МЕТОД 1

Белок в растворе поглощает ультрафиолетовый свет при длине волны 280 нм благодаря присутствию в его структуре ароматических аминокислот, главным образом, тирозина и триптофана. Это свойство белков может быть использовано для их количественного определения. Если буферный раствор, используемый для растворения белка, имеет большее значение оптической плотности по отношению к воде, в нем присутствуют мешающие вещества. Влияние мешающих веществ может быть устранено использованием буферного раствора в качестве компенсационного раствора. Но, если мешающие вещества имеют высокую оптическую плотность, результаты могут быть подвергнуты сомнению. При низких концентрациях белок может адсорбироваться на стенках кюветы, что приводит к существенному заниженному результату его содержания в растворе. Во избежание этого готовят образцы с высокой концентрацией белка или используют при приготовлении неионные детергенты.

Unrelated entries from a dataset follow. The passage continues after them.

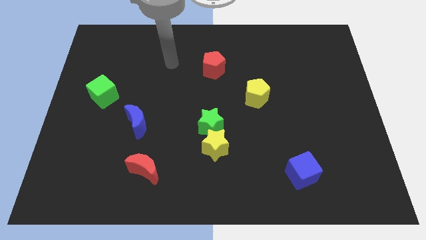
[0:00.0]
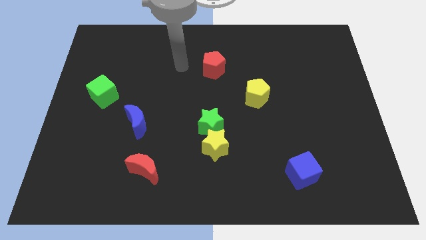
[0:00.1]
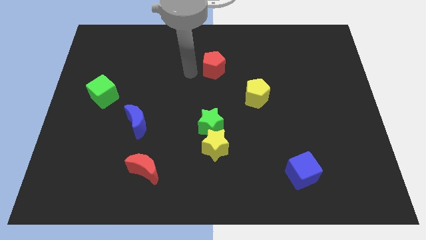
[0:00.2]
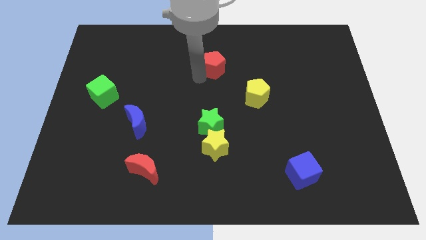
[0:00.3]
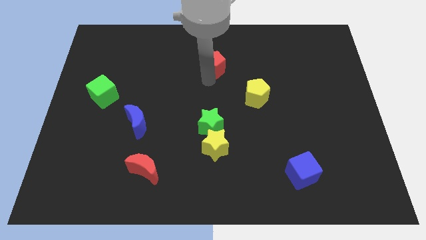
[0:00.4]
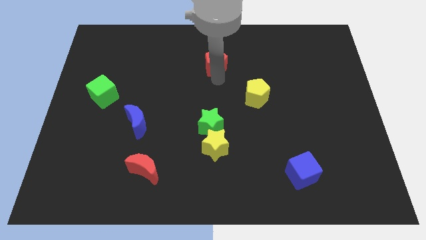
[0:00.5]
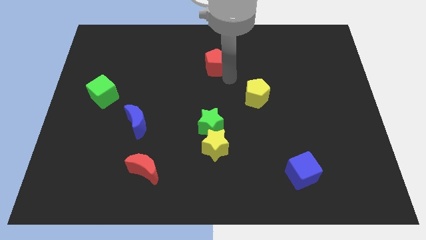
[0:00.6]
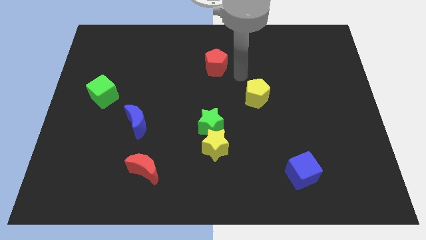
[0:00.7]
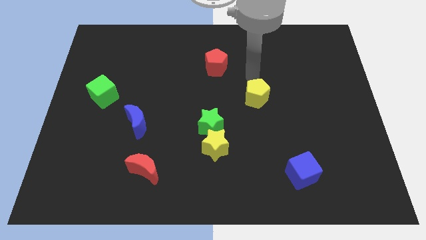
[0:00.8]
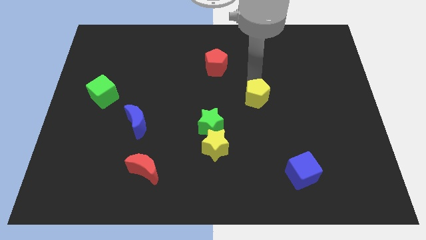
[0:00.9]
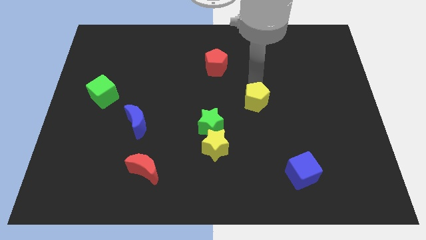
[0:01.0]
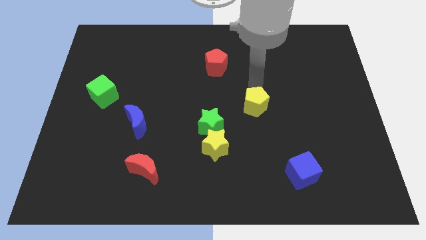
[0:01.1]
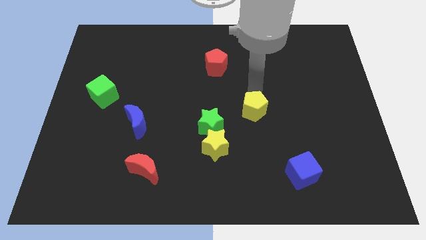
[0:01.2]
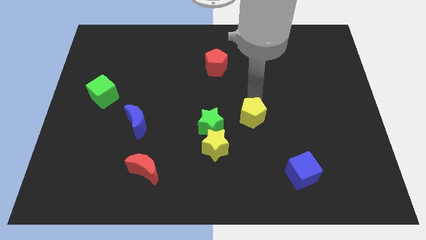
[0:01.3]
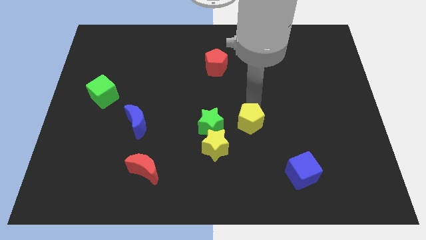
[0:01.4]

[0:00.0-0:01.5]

Испытуемый раствор. Готовят раствор испытуемого образца в буферном растворе, указанном в частной фармакопейной статье, с концентрацией белка от 0,2 мг/мл до 2 мг/мл.

Раствор сравнения. Готовят раствор соответствующего стандартного образца для определяемого белка в том же буферном растворе и с такой же концентрацией белка, что и в испытуемом растворе.

Методика. При проведении испытания испытуемый раствор, раствор сравнения и компенсационный раствор выдерживают при одинаковой температуре. Определяют оптические плотности (2.1.2.24) испытуемого раствора и раствора сравнения в кварцевых кюветах при длине волны 280 нм, используя указанный буферный раствор в качестве компенсационного раствора. Для получения точных результатов значения оптической плотности должны соответствовать требованиям линейности в интервале определяемых концентраций белка.

Светорассеяние. Точность определения белка может быть снижена за счет светорассеяния раствором испытуемого образца. Если белок в растворе присутствует в виде частиц, сопоставимых по размерам с длиной волны измеряемого света (от 250 нм до 300 нм), рассеяние светового потока приводит к значительному увеличению оптической плотности испытуемого образца. Чтобы рассчитать оптическую плотность при длине волны 280 нм с учетом светорассеяния, определяют оптическую плотность испытуемого раствора при длинах волн 320 нм, 325 нм, 330 нм, 335 нм, 340 нм, 345 нм и 350 нм. Строят график зависимости логарифма полученной оптической плотности от логарифма длины волны и, используя линейную регрессию, проводят калибровочную кривую, наилучшим образом совпадающую с нанесенными точками. Для определения логарифма оптической плотности при длине волны 280 нм экстраполируют полученную кривую. Антилогарифм данного значения является оптической плотностью, относящейся к светорассеянию. Для определения значения оптической плотности белка в растворе корректируют полученные значения, вычитая оптическую плотность, относящуюся к светорассеянию, из общей оптической плотности, измеренной при длине волны 280 нм. Для уменьшения влияния светорассеяния, особенно при заметной мутности раствора, его можно профильтровать через фильтр, не адсорбирующий белок, с размером пор 0,2 мкм или осветлить путем центрифугирования.

Расчеты. Для расчетов используют откорректированные значения оптической плотности. Рассчитывают концентрацию белка в испытуемом растворе (C_U) по уравнению:

C_U = C_S (_AU / A_S),

где: C_S - концентрация белка в растворе сравнения в миллиграммах на миллилитр;

A_U - откорректированное значение оптической плотности испытуемого раствора;

A_S - откорректированное значение оптической плотности раствора сравнения.